Building A Template For The Custom Seat Cushions
While talking to Winter he offered a few tips and tricks he’s picked up when it comes to seats in a hot rod. The first example we’ll show here is making a seat from scratch with blocks of polyurethane foam. Winter begins by making a pattern of how the cushions should be shaped. The foam rubber is then cut out on a bandsaw and then the individual blocks are glued together to make a cushion. Foam comes in a variety of densities, so the cushions may be soft or surprisingly hard—it’s not unusual to make the seat bottoms and the backrests out of different densities to suit individual preferences.

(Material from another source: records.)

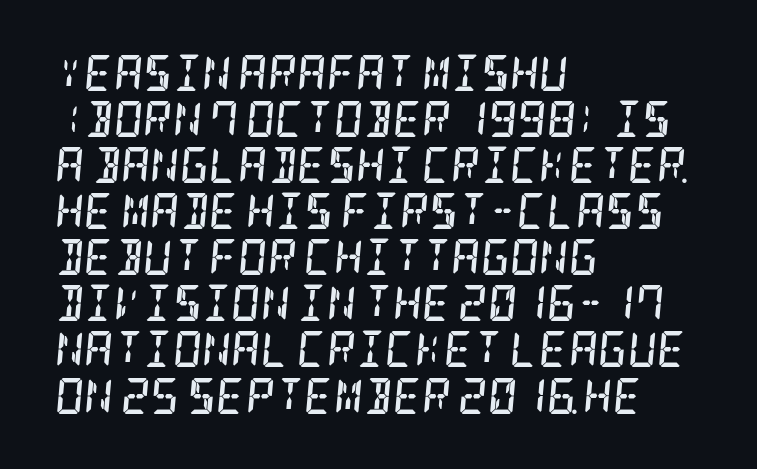
Q: Is the text bold? A: Yes.
Q: Is the text italic (slanted)? A: Yes, it leans right by about 5 degrees.
Q: Is the typeface a serif or a sans-serif typeface? A: Serif.
Q: Is the text underlined? A: No.
Q: How is the paragraph aligned? A: Left-aligned.
Q: Is the spacing between letters normal or unusually wide? A: Normal.
Q: Is the spacing between lines tight, normal or loose? A: Normal.
Q: Width (condensed, normal, or wide)? A: Condensed.
Q: Stroke contrast? A: Low.
Q: x-height? A: Large.
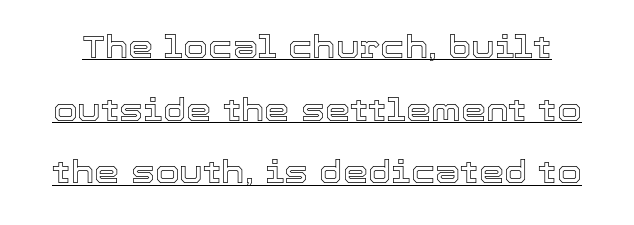
Does extra space separate the letters? No, they use regular spacing. The typography opts for an upright posture over an oblique one. One glance says open: line gaps are wider than usual. Varying glyph widths throughout — classic text-font behaviour.
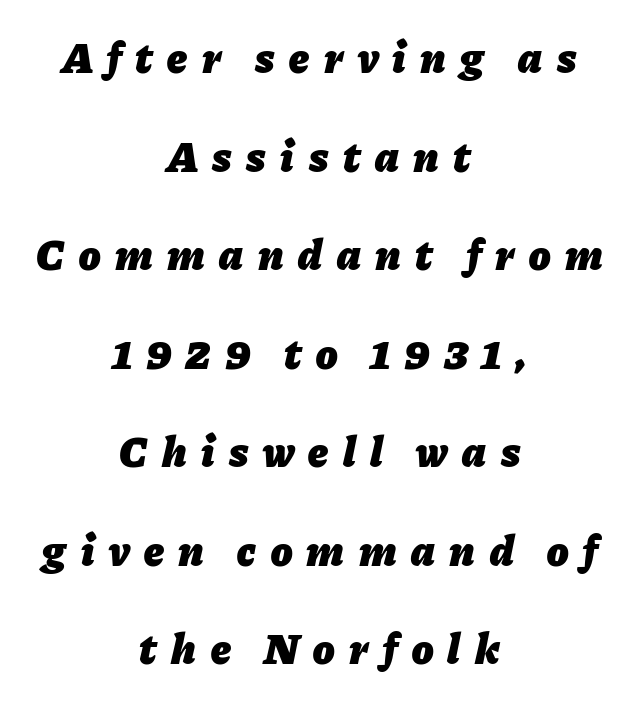
{"italic": "yes", "lean": "right", "slant_degrees": 11, "bold": "yes", "weight": "heavy", "width": "normal", "stroke_contrast": "low", "x_height": "medium", "monospaced": "no", "underline": "no", "align": "center", "line_spacing": "loose", "line_spacing_ratio": 2.24, "letter_spacing": "wide", "letter_spacing_em": 0.33, "glyph_px": 44}
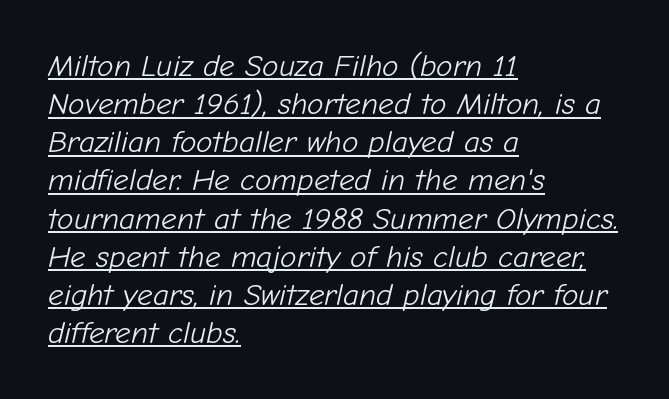
{"italic": "yes", "lean": "right", "slant_degrees": 12, "bold": "no", "weight": "light", "width": "normal", "stroke_contrast": "low", "x_height": "medium", "monospaced": "no", "underline": "yes", "align": "left", "line_spacing_ratio": 1.23, "letter_spacing": "normal", "letter_spacing_em": 0.0, "glyph_px": 31}

Read More: How To Upholster Panels On Your Hot Rod
Another option is to make the seat cushions out of one large sheet of foam. In some cases, an extra “band” of foam is wrapped around the front and sides of the cushion to help the edges keep their shape. This extra material may be made from the same material as the seat cushion density or foam that is slightly “harder” to act as leg and side support bolsters.

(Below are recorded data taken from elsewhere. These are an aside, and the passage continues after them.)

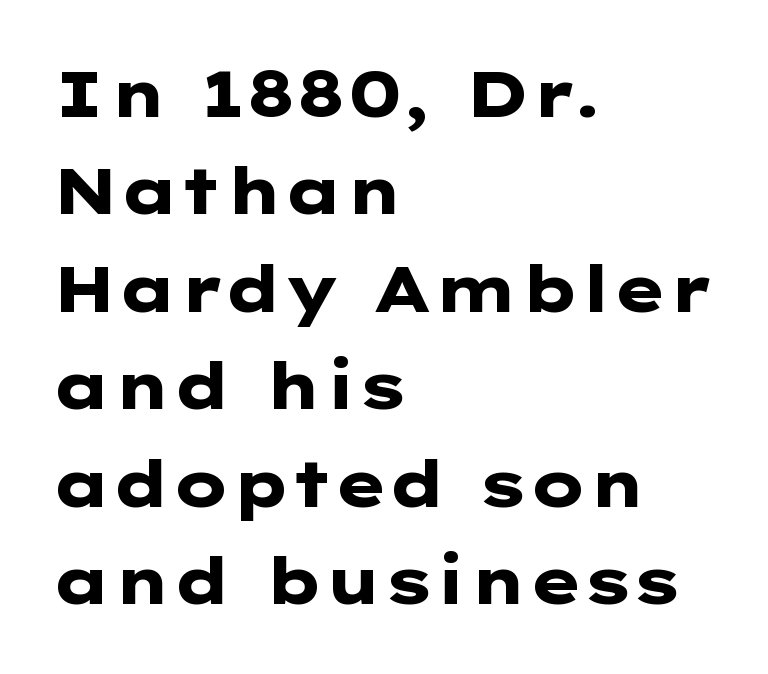
{"serif": "no", "italic": "no", "bold": "yes", "weight": "heavy", "width": "wide", "stroke_contrast": "low", "x_height": "medium", "underline": "no", "align": "left", "line_spacing": "normal", "line_spacing_ratio": 1.5, "letter_spacing": "normal", "letter_spacing_em": 0.0, "glyph_px": 65}
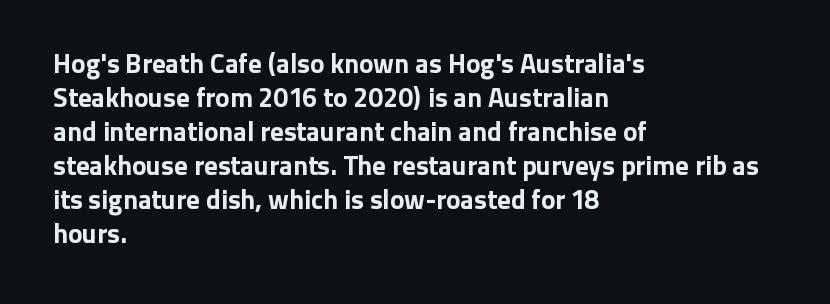
{"italic": "no", "bold": "yes", "underline": "no", "align": "left", "line_spacing": "normal", "line_spacing_ratio": 1.26, "letter_spacing": "normal", "letter_spacing_em": 0.0, "glyph_px": 27}
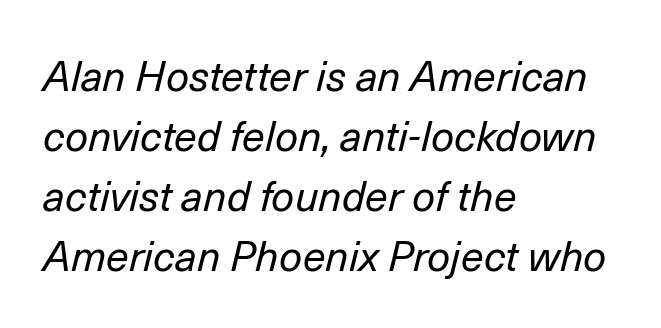
Reading down the block, your eye returns to a fixed left position each line. A quiet, ordinary-to-light weight characterises the typeface. Regular leading. Looking at the ascenders, they clearly lean. Observe the ordinary spacing: letters are neighbours, not strangers.

Making Patterns For The Custom Upholstery
Once the cushions are made, patterns for the upholstery are next. Winter has several methods of making patterns. One is to make paper patterns then transfer those dimensions to individual pieces of plastic then onto the fabric being used. Another trick Winter has learned is to make patterns with the sticky transfer paper used to make vinyl signs.
The Importance Of Seam Allowance
Regardless of the material used to make patterns, it’s important to allow what is called seam allowance. That is the area between the edge of the fabric and the line of stitches—in other words, the pattern must be made larger than the finished piece will be. Winter suggests allowing 3/8 to 1/2 inch seam allowance for all the individual pieces that will be sewn together.
Read More: How to Restore the Interior of Your ‘41-’46 Chevy Truck
Utilizing Factory Seats
When Winter needed seats for his ’36 Ford sedan he came up with a unique solution. He used the front bucket seats and the rear bench from a Chevrolet HHR. But rather than just bolt them in place, he took the covers off the seat, took them apart at the seams, then used the individual pieces as patterns for new, custom covers.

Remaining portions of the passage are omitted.